The full set of entries below, restated word for word and stripped of images, is the expected result.

Source data
........

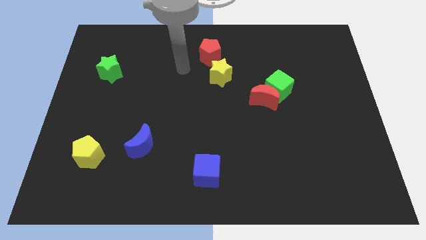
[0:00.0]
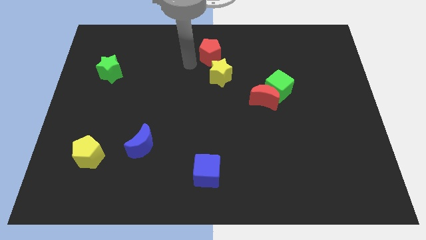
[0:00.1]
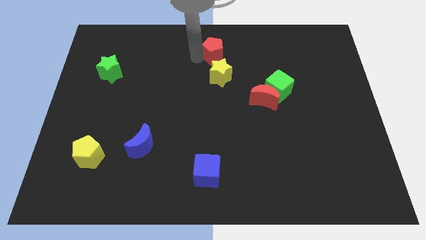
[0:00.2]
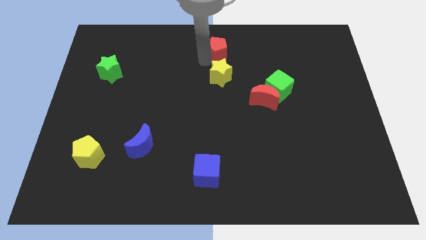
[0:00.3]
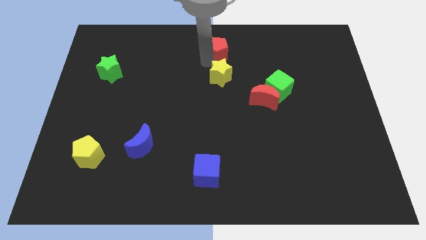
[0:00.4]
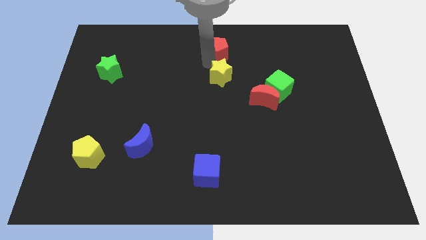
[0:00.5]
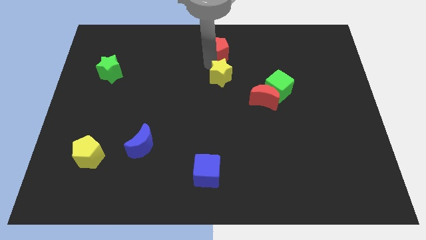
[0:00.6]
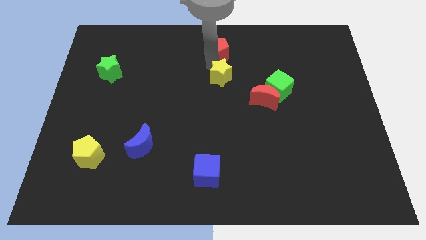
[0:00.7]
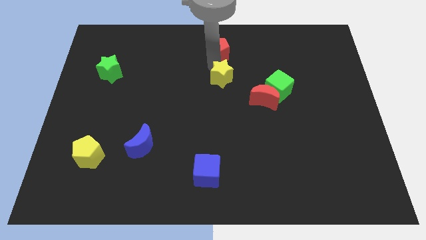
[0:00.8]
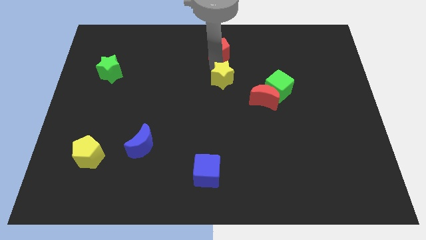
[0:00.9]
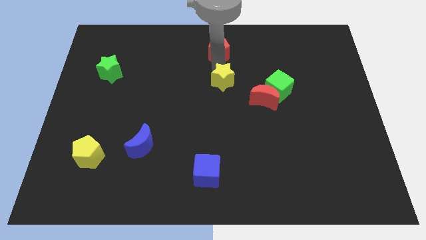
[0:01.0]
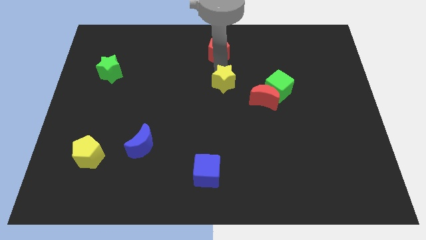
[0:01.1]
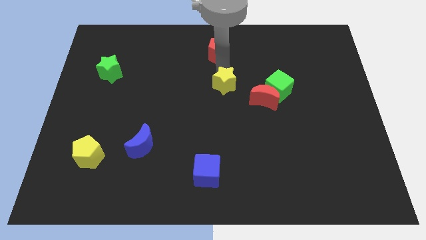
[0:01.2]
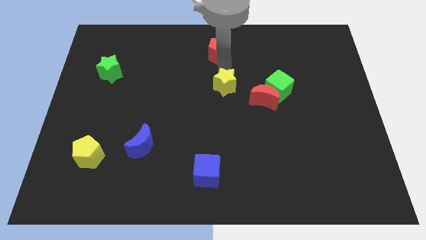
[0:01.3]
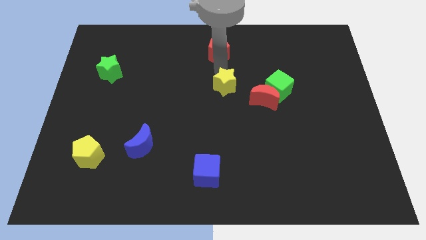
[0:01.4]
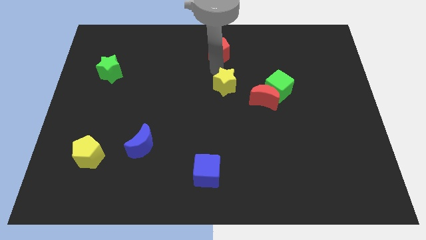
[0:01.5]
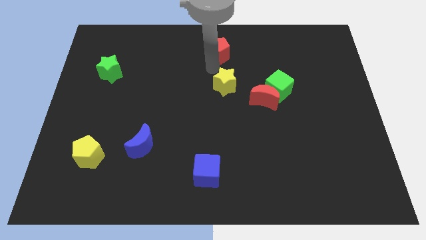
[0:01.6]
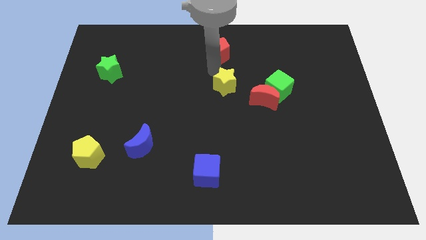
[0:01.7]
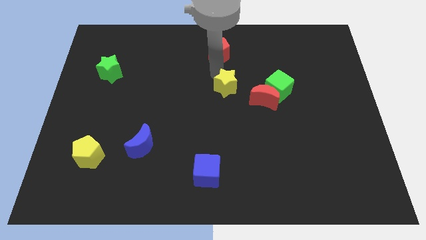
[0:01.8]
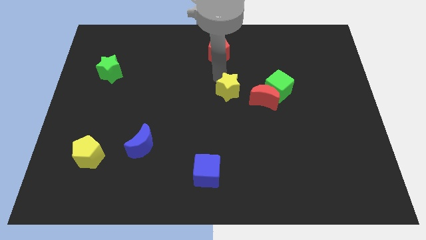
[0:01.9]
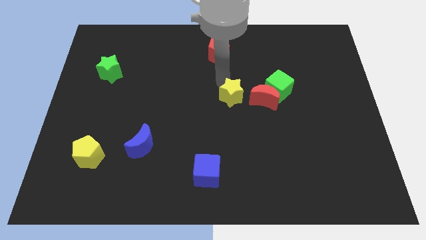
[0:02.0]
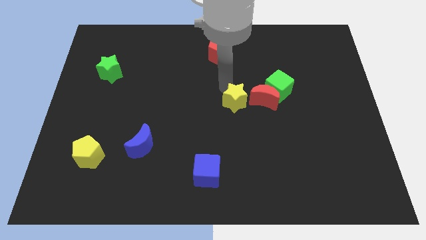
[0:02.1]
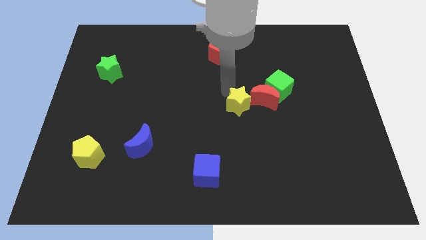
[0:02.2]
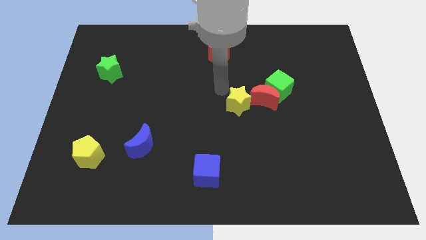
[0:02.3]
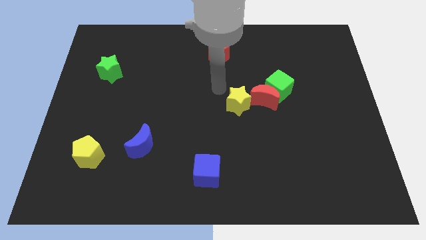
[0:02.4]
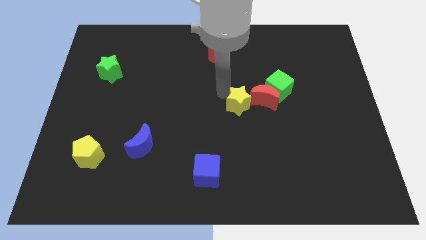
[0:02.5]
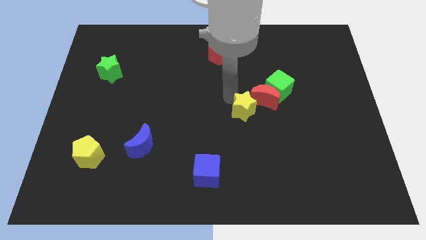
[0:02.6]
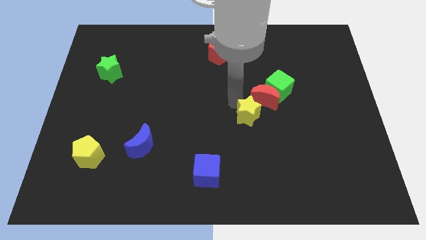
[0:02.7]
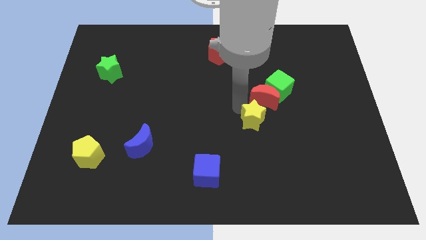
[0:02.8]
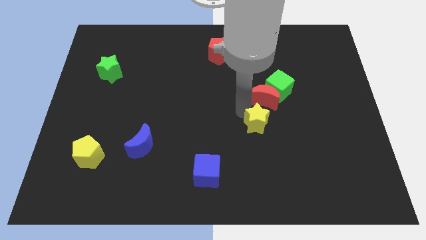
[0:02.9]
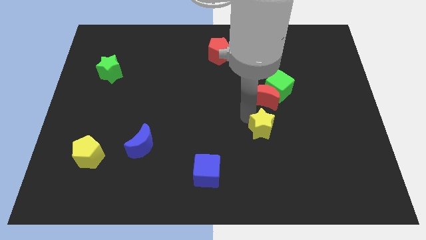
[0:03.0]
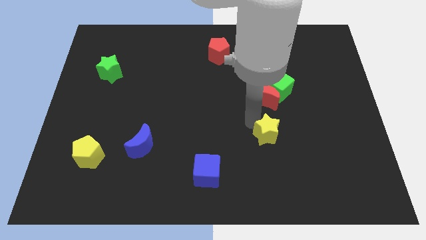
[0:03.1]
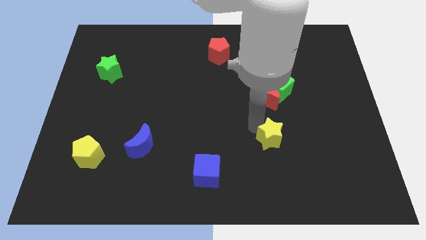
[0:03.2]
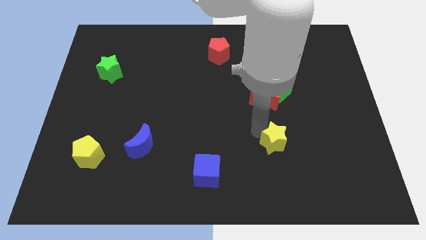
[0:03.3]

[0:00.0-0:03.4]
move the yellow star down and right diagonally

........

- _Solution for this problem_
[0:00.0]
[0:00.1]
[0:00.2]
[0:00.3]
[0:00.4]
[0:00.5]
[0:00.6]
[0:00.7]
[0:00.8]
[0:00.9]
[0:01.0]
[0:01.1]
[0:01.2]
[0:01.3]
[0:01.4]
[0:01.5]
[0:01.6]
[0:01.7]
[0:01.8]
[0:01.9]
[0:02.0]
[0:02.1]
[0:02.2]
[0:02.3]
[0:02.4]
[0:02.5]
[0:02.6]
[0:02.7]
[0:02.8]
[0:02.9]
[0:03.0]
[0:03.1]
[0:03.2]
[0:03.3]

[0:00.0-0:03.4]
move the yellow star down and right diagonally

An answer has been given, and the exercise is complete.